Exercise requirements: Leave the pictures out and repeat the rest of the data below exactly.

____

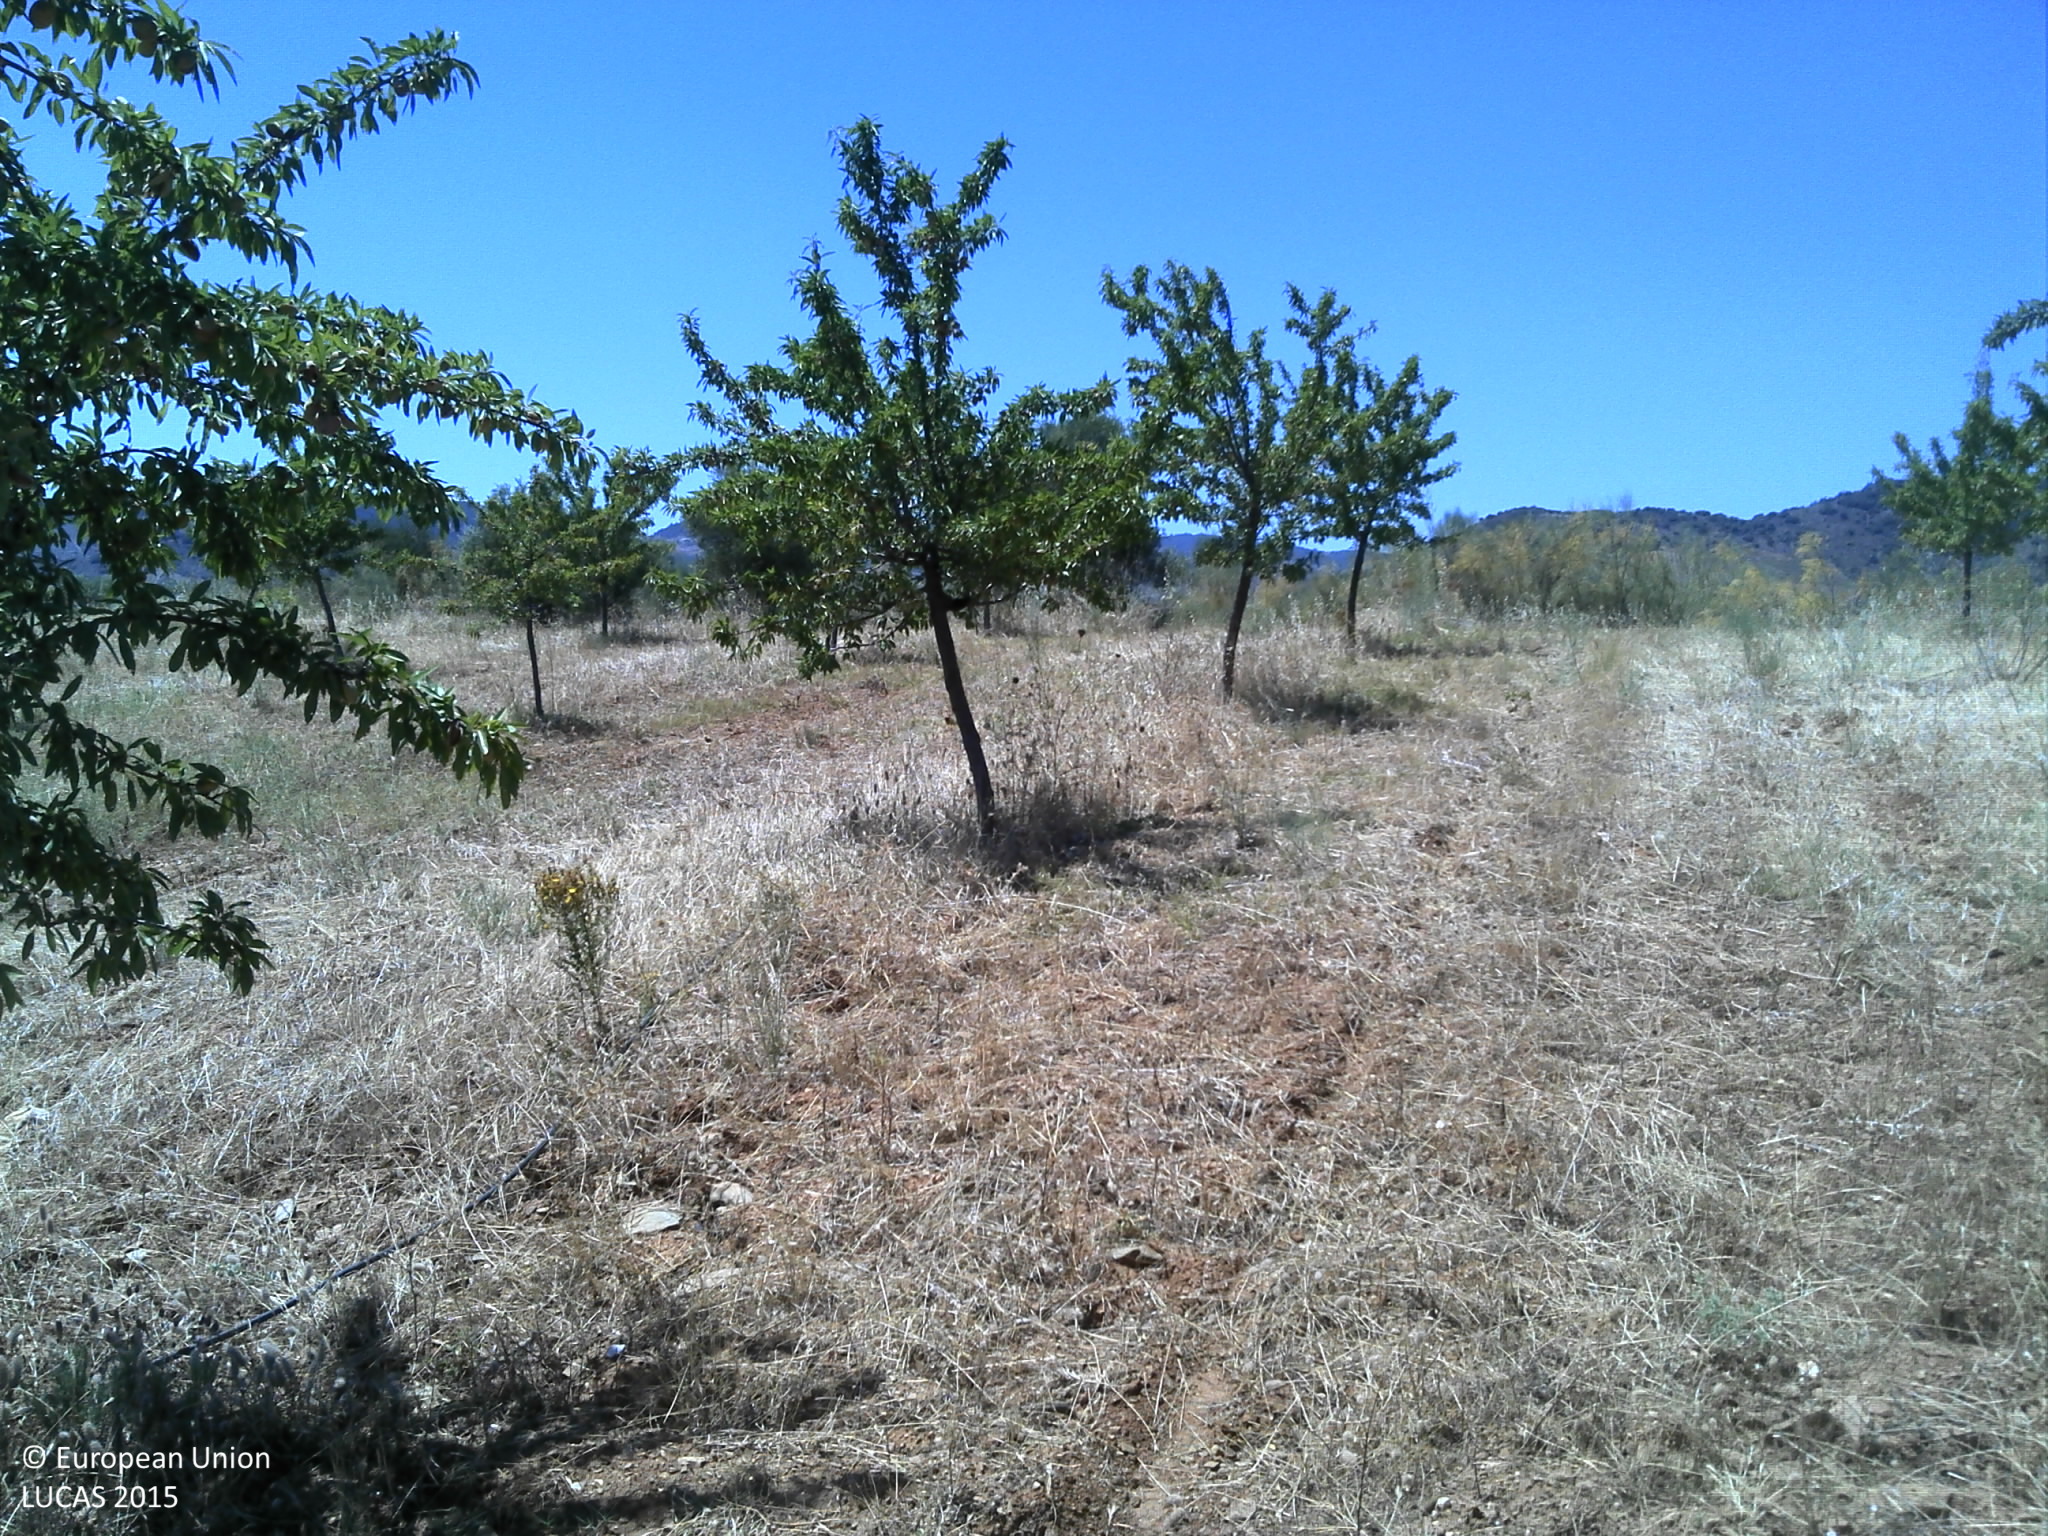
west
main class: Cropland
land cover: Nuts trees
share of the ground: < 10 %
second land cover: Grassland without tree/shrub cover
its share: > 75 %
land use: Agriculture (excluding fallow land and kitchen gardens)
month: July
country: PT
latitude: 41.3220
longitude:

____

Written answer:
west
main class: Cropland
land cover: Nuts trees
share of the ground: < 10 %
second land cover: Grassland without tree/shrub cover
its share: > 75 %
land use: Agriculture (excluding fallow land and kitchen gardens)
month: July
country: PT
latitude: 41.3220
longitude:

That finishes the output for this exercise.